(Saved entries)
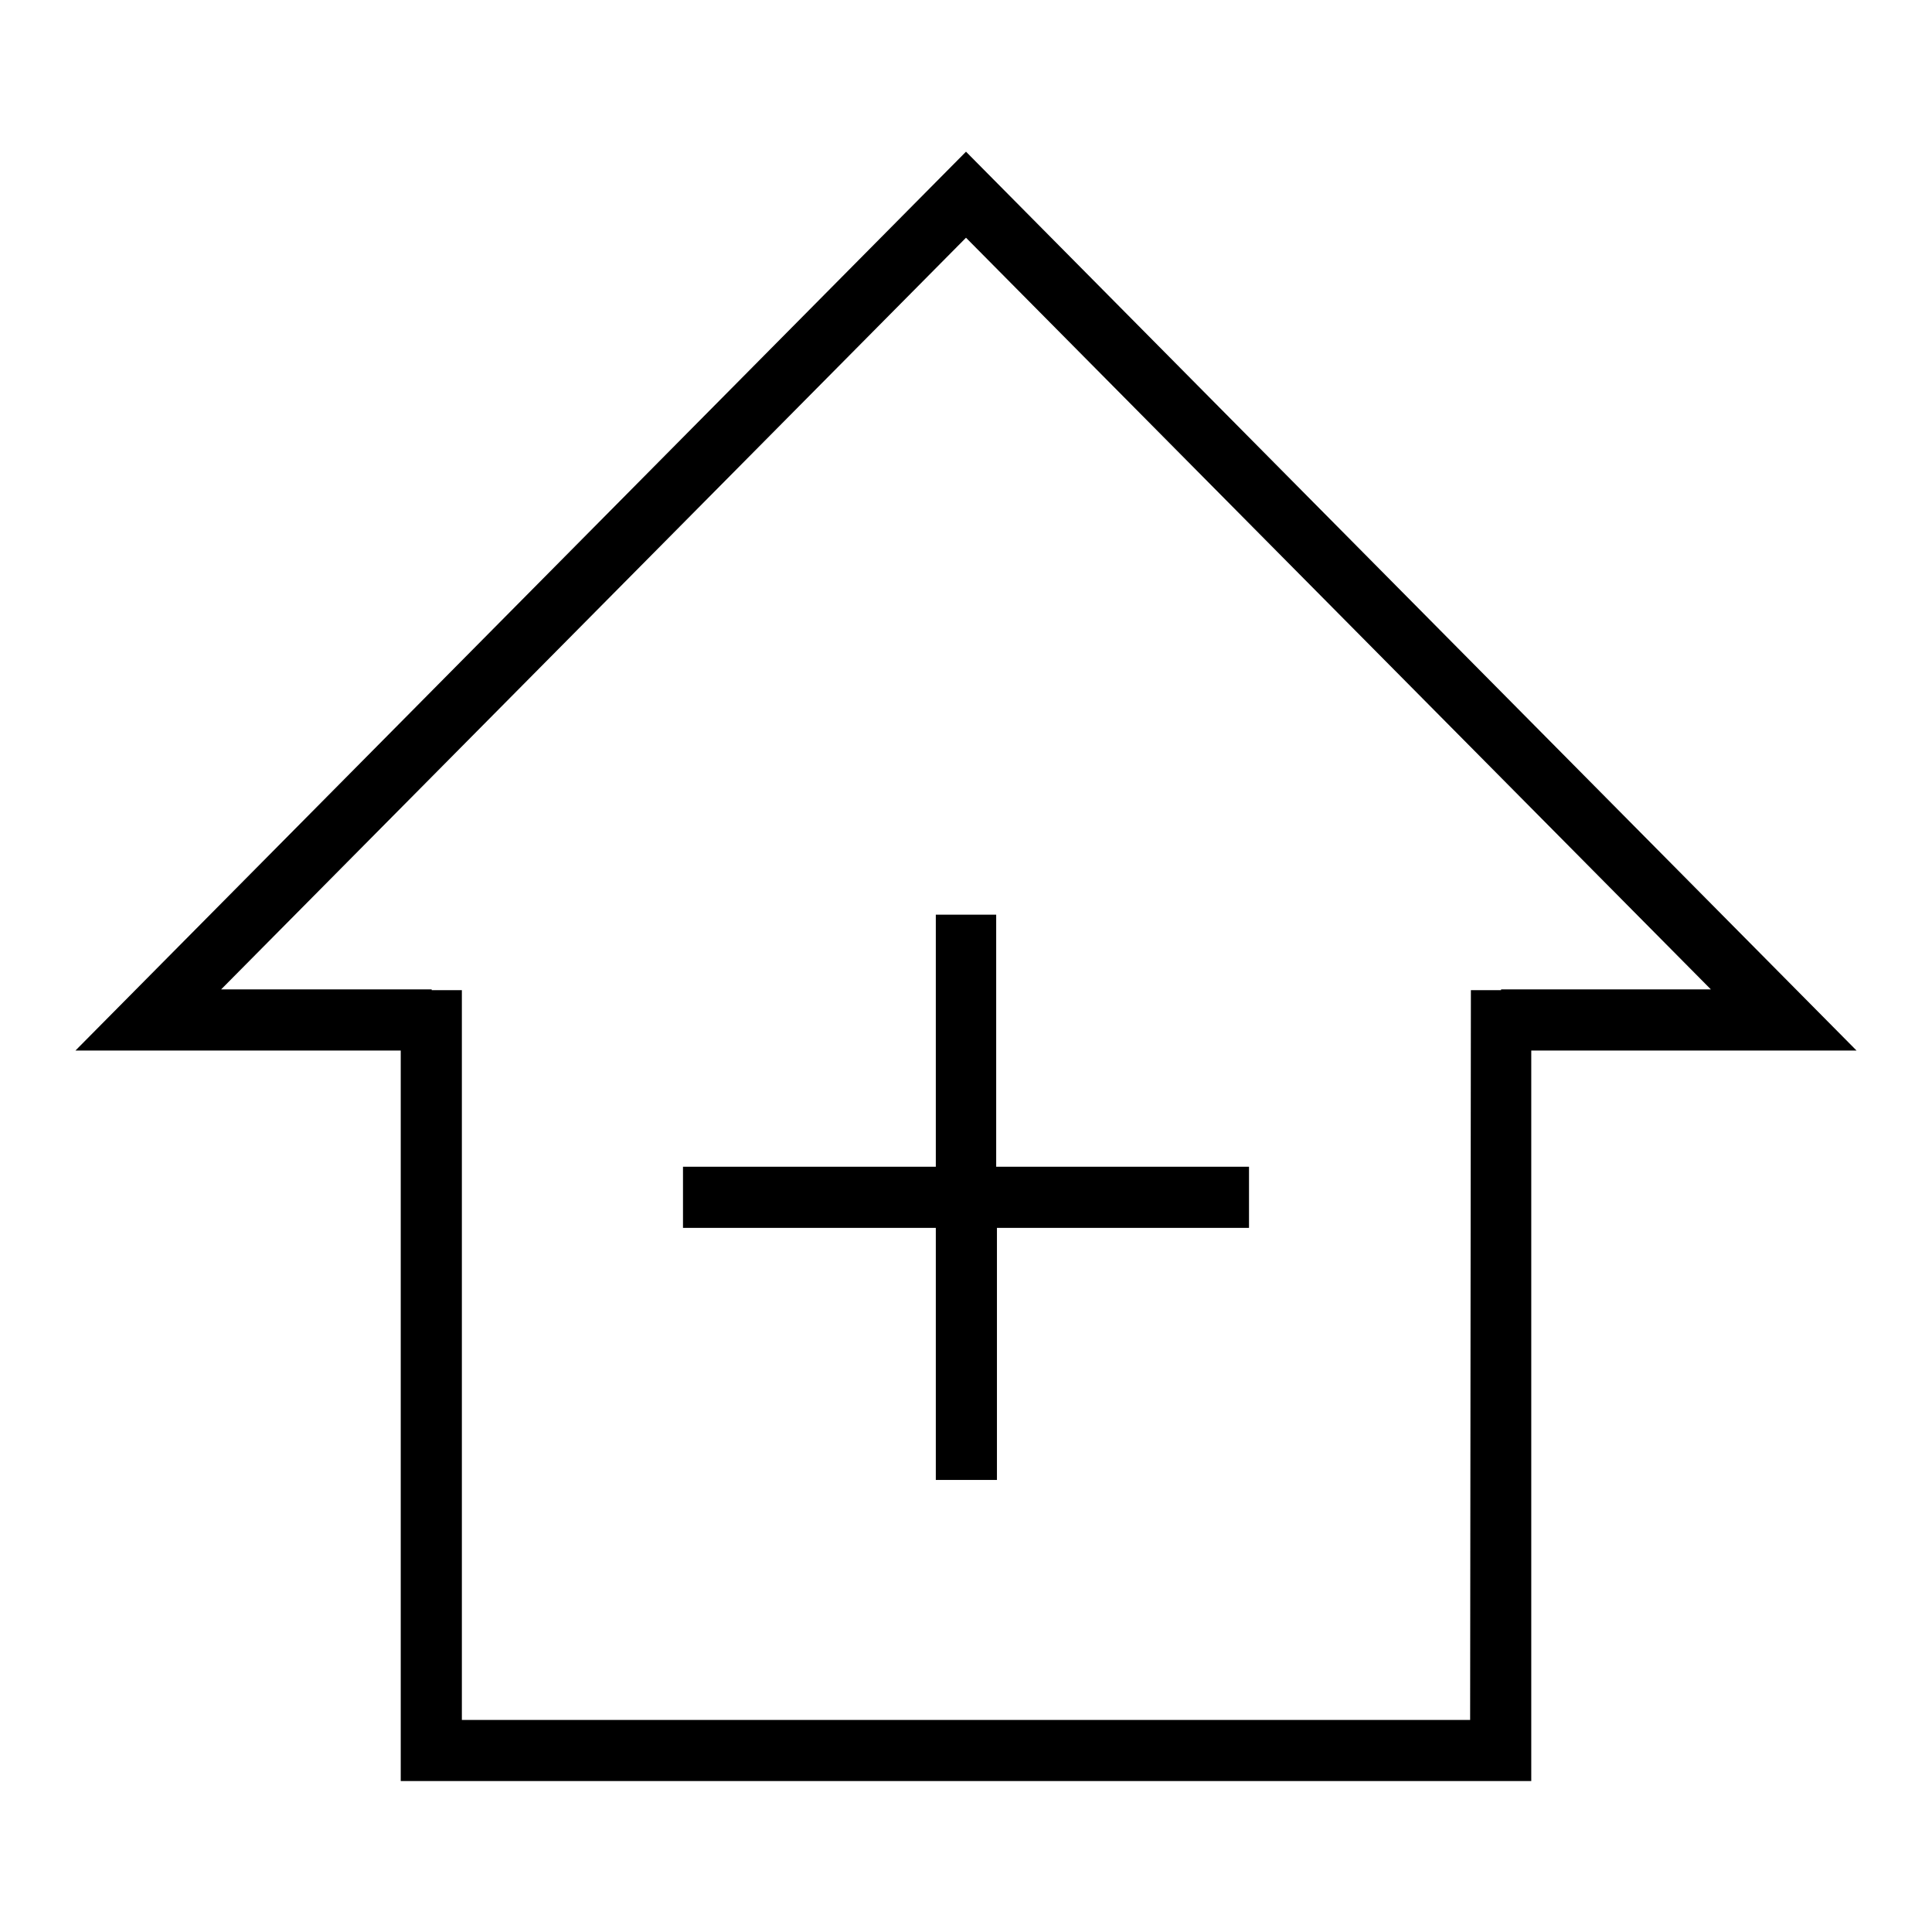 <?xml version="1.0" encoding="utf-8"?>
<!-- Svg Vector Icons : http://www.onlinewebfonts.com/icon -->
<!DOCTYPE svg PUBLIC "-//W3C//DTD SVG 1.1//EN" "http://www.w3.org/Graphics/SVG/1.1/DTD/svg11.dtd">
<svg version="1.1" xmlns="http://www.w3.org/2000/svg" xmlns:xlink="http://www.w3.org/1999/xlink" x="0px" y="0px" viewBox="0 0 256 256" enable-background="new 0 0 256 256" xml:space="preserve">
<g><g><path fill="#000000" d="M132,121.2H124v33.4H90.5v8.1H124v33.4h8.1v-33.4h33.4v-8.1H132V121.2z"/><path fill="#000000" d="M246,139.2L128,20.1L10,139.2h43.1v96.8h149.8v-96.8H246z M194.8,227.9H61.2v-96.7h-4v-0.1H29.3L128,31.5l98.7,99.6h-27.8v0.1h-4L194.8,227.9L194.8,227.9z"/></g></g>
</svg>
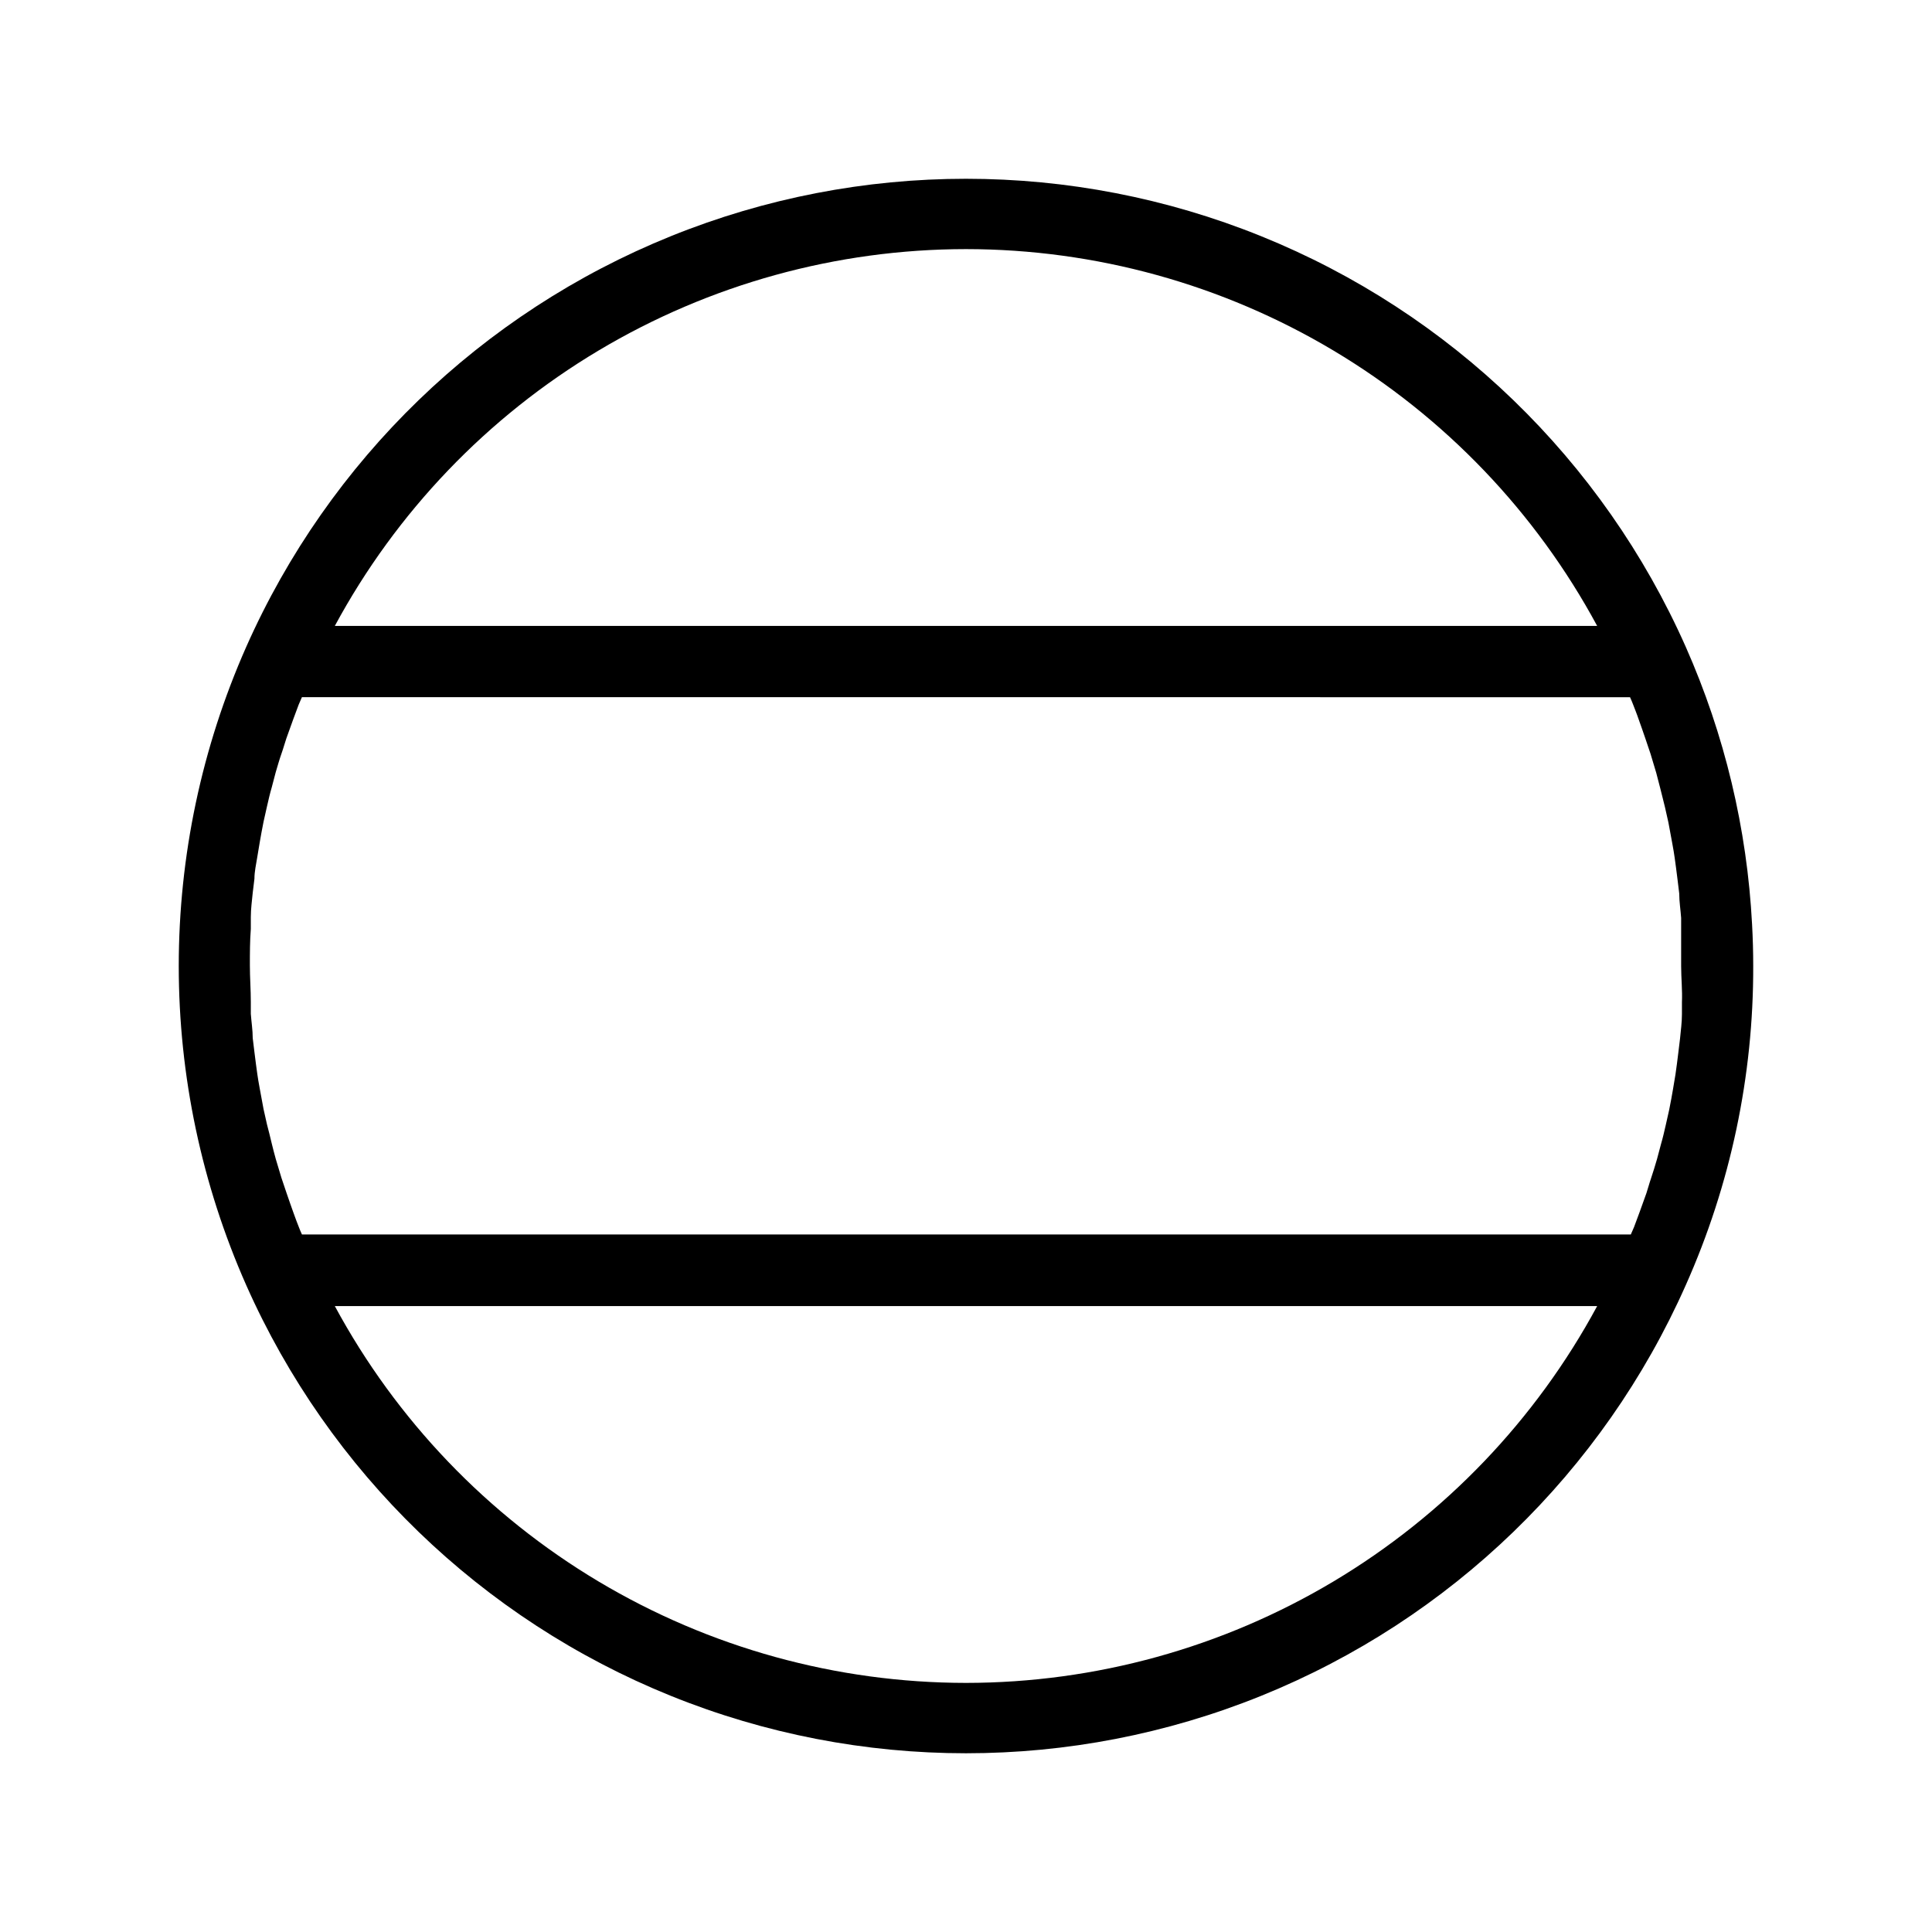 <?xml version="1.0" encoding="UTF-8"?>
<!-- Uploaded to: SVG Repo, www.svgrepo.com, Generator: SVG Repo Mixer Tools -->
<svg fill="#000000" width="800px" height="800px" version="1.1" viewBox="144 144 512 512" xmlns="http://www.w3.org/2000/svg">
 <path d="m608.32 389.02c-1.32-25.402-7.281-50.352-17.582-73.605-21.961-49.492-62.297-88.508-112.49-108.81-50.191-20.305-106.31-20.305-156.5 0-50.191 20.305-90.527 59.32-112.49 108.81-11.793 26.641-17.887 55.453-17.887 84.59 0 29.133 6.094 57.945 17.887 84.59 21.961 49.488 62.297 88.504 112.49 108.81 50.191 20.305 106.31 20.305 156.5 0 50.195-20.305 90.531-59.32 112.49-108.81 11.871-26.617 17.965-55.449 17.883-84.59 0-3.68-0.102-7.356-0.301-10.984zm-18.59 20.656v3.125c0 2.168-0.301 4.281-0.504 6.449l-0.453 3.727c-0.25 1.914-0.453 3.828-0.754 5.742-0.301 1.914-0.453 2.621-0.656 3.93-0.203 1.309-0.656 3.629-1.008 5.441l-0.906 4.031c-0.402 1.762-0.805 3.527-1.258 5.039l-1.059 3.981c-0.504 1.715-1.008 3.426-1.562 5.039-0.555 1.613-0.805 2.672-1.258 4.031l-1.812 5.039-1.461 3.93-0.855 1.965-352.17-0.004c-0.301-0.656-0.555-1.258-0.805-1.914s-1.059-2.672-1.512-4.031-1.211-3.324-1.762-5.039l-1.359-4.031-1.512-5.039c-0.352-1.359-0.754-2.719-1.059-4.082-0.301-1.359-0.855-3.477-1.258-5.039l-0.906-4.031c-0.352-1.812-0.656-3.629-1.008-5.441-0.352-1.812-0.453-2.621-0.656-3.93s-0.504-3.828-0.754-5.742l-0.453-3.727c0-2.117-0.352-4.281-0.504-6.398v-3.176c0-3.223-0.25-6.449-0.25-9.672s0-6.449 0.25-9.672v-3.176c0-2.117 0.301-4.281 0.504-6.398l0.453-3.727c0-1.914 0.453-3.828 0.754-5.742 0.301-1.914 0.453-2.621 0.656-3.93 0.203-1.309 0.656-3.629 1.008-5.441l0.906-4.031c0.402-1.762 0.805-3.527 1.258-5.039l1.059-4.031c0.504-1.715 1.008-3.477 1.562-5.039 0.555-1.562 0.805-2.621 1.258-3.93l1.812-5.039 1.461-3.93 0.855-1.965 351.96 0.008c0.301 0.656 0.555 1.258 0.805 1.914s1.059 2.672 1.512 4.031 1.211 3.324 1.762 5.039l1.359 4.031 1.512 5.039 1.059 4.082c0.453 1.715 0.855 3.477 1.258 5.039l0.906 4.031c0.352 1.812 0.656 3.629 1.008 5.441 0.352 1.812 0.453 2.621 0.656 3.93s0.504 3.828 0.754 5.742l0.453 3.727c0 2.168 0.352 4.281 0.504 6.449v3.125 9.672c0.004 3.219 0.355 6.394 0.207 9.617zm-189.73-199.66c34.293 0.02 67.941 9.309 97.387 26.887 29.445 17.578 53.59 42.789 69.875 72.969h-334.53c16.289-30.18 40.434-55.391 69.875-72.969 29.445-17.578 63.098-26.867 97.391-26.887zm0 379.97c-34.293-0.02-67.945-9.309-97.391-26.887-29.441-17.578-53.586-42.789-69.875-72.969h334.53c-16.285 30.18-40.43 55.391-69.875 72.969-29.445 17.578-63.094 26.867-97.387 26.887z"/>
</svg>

* _Instructions to follow_:
The answer must be the lines from the first one in the records through the line containing "<!DOCTYPE svg PUBLIC", copied exactly, with no pictures.

* _Solution_:
 <?xml version="1.0" encoding="utf-8"?>
<!-- Svg Vector Icons : http://www.onlinewebfonts.com/icon -->
<!DOCTYPE svg PUBLIC "-//W3C//DTD SVG 1.1//EN" "http://www.w3.org/Graphics/SVG/1.1/DTD/svg11.dtd">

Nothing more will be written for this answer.